Notre-Dame-des-Landes : le bocage en piste pour la riposte
Alors que la préfecture a autorisé les travaux, les opposants s’apprêtent à résister pour sauver l’écosystème.
dans l’hebdo N° 1288 Acheter ce numéro
Actions sur le terrain, mobilisation des réseaux de soutien dans toute la France, plaintes auprès des tribunaux : les semaines qui viennent promettent d’être animées à Notre-Dame-des-Landes. Les travaux de l’aéroport ont reçu le feu vert du préfet de Loire-Atlantique, qui a signé en décembre dernier deux décrets mettant le projet en conformité avec les lois sur l’eau et la protection des espèces.
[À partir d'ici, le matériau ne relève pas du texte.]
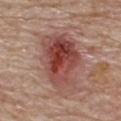Assessment: The lesion was tiled from a total-body skin photograph and was not biopsied. Background: The lesion is on the upper back. The recorded lesion diameter is about 7 mm. This is a white-light tile. The total-body-photography lesion software estimated a mean CIELAB color near L≈46 a*≈25 b*≈25, roughly 12 lightness units darker than nearby skin, and a lesion-to-skin contrast of about 9 (normalized; higher = more distinct). It also reported a border-irregularity index near 3/10 and a color-variation rating of about 9.5/10. And it measured a nevus-likeness score of about 70/100 and a lesion-detection confidence of about 100/100. A male subject, aged 78 to 82. A 15 mm close-up tile from a total-body photography series done for melanoma screening.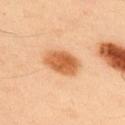Case summary:
* illumination — cross-polarized illumination
* patient — male, roughly 50 years of age
* site — the back
* image source — ~15 mm crop, total-body skin-cancer survey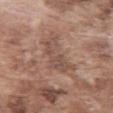  biopsy_status: not biopsied; imaged during a skin examination
  lighting: white-light
  image:
    source: total-body photography crop
    field_of_view_mm: 15
  patient:
    sex: male
    age_approx: 75
  site: abdomen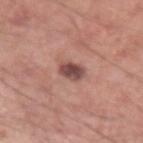  biopsy_status: not biopsied; imaged during a skin examination
  lesion_size:
    long_diameter_mm_approx: 3.0
  site: left upper arm
  patient:
    sex: male
    age_approx: 60
  image:
    source: total-body photography crop
    field_of_view_mm: 15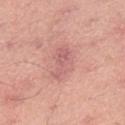The lesion was tiled from a total-body skin photograph and was not biopsied. The subject is a male in their 50s. Approximately 4.5 mm at its widest. From the right thigh. Captured under white-light illumination. The total-body-photography lesion software estimated a lesion area of about 9.5 mm² and a shape-asymmetry score of about 0.3 (0 = symmetric). And it measured a nevus-likeness score of about 0/100 and lesion-presence confidence of about 100/100. A 15 mm close-up tile from a total-body photography series done for melanoma screening.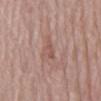notes: no biopsy performed (imaged during a skin exam) | size: about 3 mm | acquisition: ~15 mm tile from a whole-body skin photo | lighting: white-light illumination | automated lesion analysis: a lesion color around L≈53 a*≈21 b*≈24 in CIELAB | patient: female, aged around 65 | site: the back.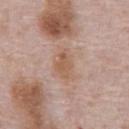automated metrics — a lesion area of about 5.5 mm² and a shape-asymmetry score of about 0.25 (0 = symmetric); a border-irregularity index near 3/10, a color-variation rating of about 2/10, and peripheral color asymmetry of about 0.5
imaging modality — ~15 mm tile from a whole-body skin photo
patient — male, about 70 years old
anatomic site — the chest
tile lighting — white-light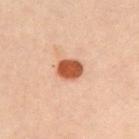The total-body-photography lesion software estimated roughly 16 lightness units darker than nearby skin and a normalized lesion–skin contrast near 12. The analysis additionally found a lesion-detection confidence of about 100/100. This is a cross-polarized tile. Longest diameter approximately 3 mm. This image is a 15 mm lesion crop taken from a total-body photograph. A female subject in their 30s. Located on the left upper arm.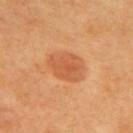The lesion was photographed on a routine skin check and not biopsied; there is no pathology result. On the back. A female patient, roughly 60 years of age. A lesion tile, about 15 mm wide, cut from a 3D total-body photograph.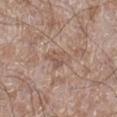biopsy_status: not biopsied; imaged during a skin examination
lighting: white-light
automated_metrics:
  border_irregularity_0_10: 4.0
  color_variation_0_10: 2.5
lesion_size:
  long_diameter_mm_approx: 3.5
patient:
  sex: male
  age_approx: 60
image:
  source: total-body photography crop
  field_of_view_mm: 15
site: right lower leg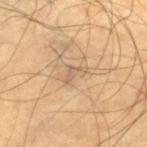| field | value |
|---|---|
| acquisition | total-body-photography crop, ~15 mm field of view |
| patient | male, about 65 years old |
| location | the leg |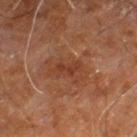{"biopsy_status": "not biopsied; imaged during a skin examination", "site": "right leg", "patient": {"sex": "male", "age_approx": 60}, "lesion_size": {"long_diameter_mm_approx": 3.0}, "image": {"source": "total-body photography crop", "field_of_view_mm": 15}}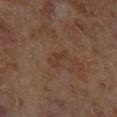{"biopsy_status": "not biopsied; imaged during a skin examination", "image": {"source": "total-body photography crop", "field_of_view_mm": 15}, "site": "left lower leg", "automated_metrics": {"area_mm2_approx": 3.0, "eccentricity": 0.9, "shape_asymmetry": 0.5}, "patient": {"sex": "male", "age_approx": 70}, "lesion_size": {"long_diameter_mm_approx": 3.0}}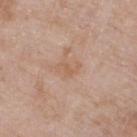Clinical impression:
Captured during whole-body skin photography for melanoma surveillance; the lesion was not biopsied.
Image and clinical context:
A close-up tile cropped from a whole-body skin photograph, about 15 mm across. Captured under white-light illumination. Located on the left lower leg. The recorded lesion diameter is about 2.5 mm. A female subject in their 70s.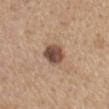<record>
<biopsy_status>not biopsied; imaged during a skin examination</biopsy_status>
</record>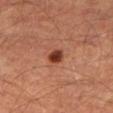{
  "biopsy_status": "not biopsied; imaged during a skin examination",
  "image": {
    "source": "total-body photography crop",
    "field_of_view_mm": 15
  },
  "patient": {
    "sex": "male",
    "age_approx": 65
  },
  "lesion_size": {
    "long_diameter_mm_approx": 2.5
  },
  "automated_metrics": {
    "area_mm2_approx": 3.5,
    "shape_asymmetry": 0.2,
    "border_irregularity_0_10": 1.5,
    "color_variation_0_10": 2.0,
    "peripheral_color_asymmetry": 0.5
  },
  "site": "right thigh",
  "lighting": "cross-polarized"
}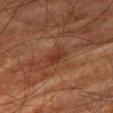workup = catalogued during a skin exam; not biopsied
anatomic site = the right thigh
imaging modality = total-body-photography crop, ~15 mm field of view
patient = male, aged approximately 80
tile lighting = cross-polarized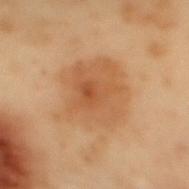Findings:
* biopsy status: imaged on a skin check; not biopsied
* subject: male, in their mid- to late 50s
* TBP lesion metrics: an outline eccentricity of about 0.5 (0 = round, 1 = elongated) and a symmetry-axis asymmetry near 0.2; roughly 7 lightness units darker than nearby skin; internal color variation of about 4 on a 0–10 scale and a peripheral color-asymmetry measure near 1; a classifier nevus-likeness of about 25/100
* location: the mid back
* image: 15 mm crop, total-body photography
* size: ≈6.5 mm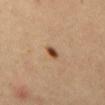The lesion was photographed on a routine skin check and not biopsied; there is no pathology result. The tile uses cross-polarized illumination. The lesion is on the abdomen. Automated tile analysis of the lesion measured an average lesion color of about L≈44 a*≈20 b*≈33 (CIELAB) and about 15 CIELAB-L* units darker than the surrounding skin. And it measured a border-irregularity index near 2/10 and a within-lesion color-variation index near 3.5/10. A male patient aged around 65. Measured at roughly 2 mm in maximum diameter. A 15 mm close-up extracted from a 3D total-body photography capture.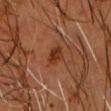The lesion-visualizer software estimated a footprint of about 3.5 mm² and two-axis asymmetry of about 0.2. It also reported an average lesion color of about L≈28 a*≈23 b*≈29 (CIELAB) and a normalized border contrast of about 8.5. The analysis additionally found a border-irregularity index near 2/10 and peripheral color asymmetry of about 0.5. It also reported a classifier nevus-likeness of about 75/100 and lesion-presence confidence of about 100/100. A lesion tile, about 15 mm wide, cut from a 3D total-body photograph. A male patient in their 60s. Longest diameter approximately 2.5 mm. The lesion is located on the head or neck.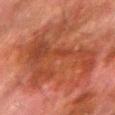Clinical impression:
The lesion was tiled from a total-body skin photograph and was not biopsied.
Acquisition and patient details:
A male subject about 80 years old. The recorded lesion diameter is about 13 mm. Captured under cross-polarized illumination. A close-up tile cropped from a whole-body skin photograph, about 15 mm across. The lesion is on the right forearm.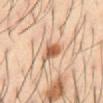Background: Cropped from a whole-body photographic skin survey; the tile spans about 15 mm. The tile uses cross-polarized illumination. A male patient approximately 40 years of age. Approximately 2.5 mm at its widest. On the abdomen.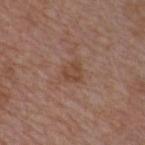Recorded during total-body skin imaging; not selected for excision or biopsy.
A male subject aged 48 to 52.
A 15 mm close-up extracted from a 3D total-body photography capture.
This is a white-light tile.
The total-body-photography lesion software estimated a shape eccentricity near 0.5 and a symmetry-axis asymmetry near 0.3. The analysis additionally found a border-irregularity rating of about 3/10, a color-variation rating of about 3/10, and radial color variation of about 1. The software also gave an automated nevus-likeness rating near 0 out of 100 and a detector confidence of about 100 out of 100 that the crop contains a lesion.
About 2.5 mm across.
The lesion is located on the chest.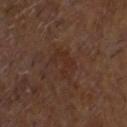Imaged during a routine full-body skin examination; the lesion was not biopsied and no histopathology is available. A male subject aged around 60. A roughly 15 mm field-of-view crop from a total-body skin photograph. Located on the head or neck. The lesion's longest dimension is about 3.5 mm. Captured under cross-polarized illumination.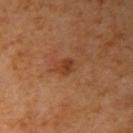workup — catalogued during a skin exam; not biopsied
site — the right upper arm
diameter — ≈2.5 mm
illumination — cross-polarized illumination
subject — male, in their 60s
acquisition — ~15 mm tile from a whole-body skin photo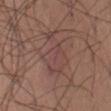biopsy_status: not biopsied; imaged during a skin examination
lighting: white-light
patient:
  sex: male
  age_approx: 25
image:
  source: total-body photography crop
  field_of_view_mm: 15
automated_metrics:
  area_mm2_approx: 14.0
  shape_asymmetry: 0.45
  cielab_L: 44
  cielab_a: 19
  cielab_b: 21
  vs_skin_contrast_norm: 5.0
  nevus_likeness_0_100: 0
  lesion_detection_confidence_0_100: 95
site: abdomen
lesion_size:
  long_diameter_mm_approx: 6.0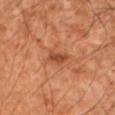The lesion was photographed on a routine skin check and not biopsied; there is no pathology result.
The lesion is on the left upper arm.
A lesion tile, about 15 mm wide, cut from a 3D total-body photograph.
Imaged with cross-polarized lighting.
Measured at roughly 3 mm in maximum diameter.
A male subject in their mid- to late 50s.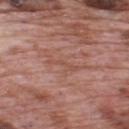| key | value |
|---|---|
| biopsy status | imaged on a skin check; not biopsied |
| automated metrics | an eccentricity of roughly 0.95 and two-axis asymmetry of about 0.65; an average lesion color of about L≈51 a*≈24 b*≈28 (CIELAB), roughly 6 lightness units darker than nearby skin, and a lesion-to-skin contrast of about 5 (normalized; higher = more distinct); an automated nevus-likeness rating near 0 out of 100 and lesion-presence confidence of about 80/100 |
| patient | male, approximately 70 years of age |
| location | the upper back |
| lesion size | ~3 mm (longest diameter) |
| image | total-body-photography crop, ~15 mm field of view |
| illumination | white-light illumination |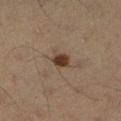notes = catalogued during a skin exam; not biopsied | size = ~2.5 mm (longest diameter) | site = the left lower leg | imaging modality = 15 mm crop, total-body photography | patient = male, aged 58–62.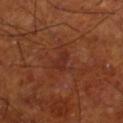Notes:
- notes: imaged on a skin check; not biopsied
- image: total-body-photography crop, ~15 mm field of view
- patient: male, roughly 70 years of age
- location: the right thigh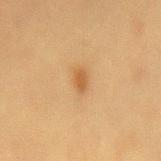Captured under cross-polarized illumination. Automated tile analysis of the lesion measured a lesion area of about 3 mm², an eccentricity of roughly 0.8, and two-axis asymmetry of about 0.2. And it measured an average lesion color of about L≈47 a*≈17 b*≈36 (CIELAB), a lesion–skin lightness drop of about 8, and a normalized lesion–skin contrast near 6.5. And it measured a border-irregularity rating of about 1.5/10, a color-variation rating of about 1/10, and a peripheral color-asymmetry measure near 0.5. A female subject aged around 55. On the lower back. Approximately 2.5 mm at its widest. A roughly 15 mm field-of-view crop from a total-body skin photograph.

Des autorisations que les opposants – agriculteurs, élus et occupants de la zone – contestent avec véhémence. « Ici, la mobilisation n’a pas faibli d’un poil. Nous sommes même beaucoup mieux structurés qu’avant l’opération policière de l’année dernière, affirme Julien Durand, porte-parole de l’association Acipa, pilier de la résistance. Plus de deux cents personnes se sont déplacées pour assister à l’assemblée des comités de soutien, nous n’en attendions que la moitié. Les réseaux ont très vite réagi à notre appel. » Les opposants entendent occuper physiquement le terrain pour entraver le mouvement des machines et préparent pour le 22 février une grande manifestation sur le site, promettant de mobiliser des milliers de personnes en France.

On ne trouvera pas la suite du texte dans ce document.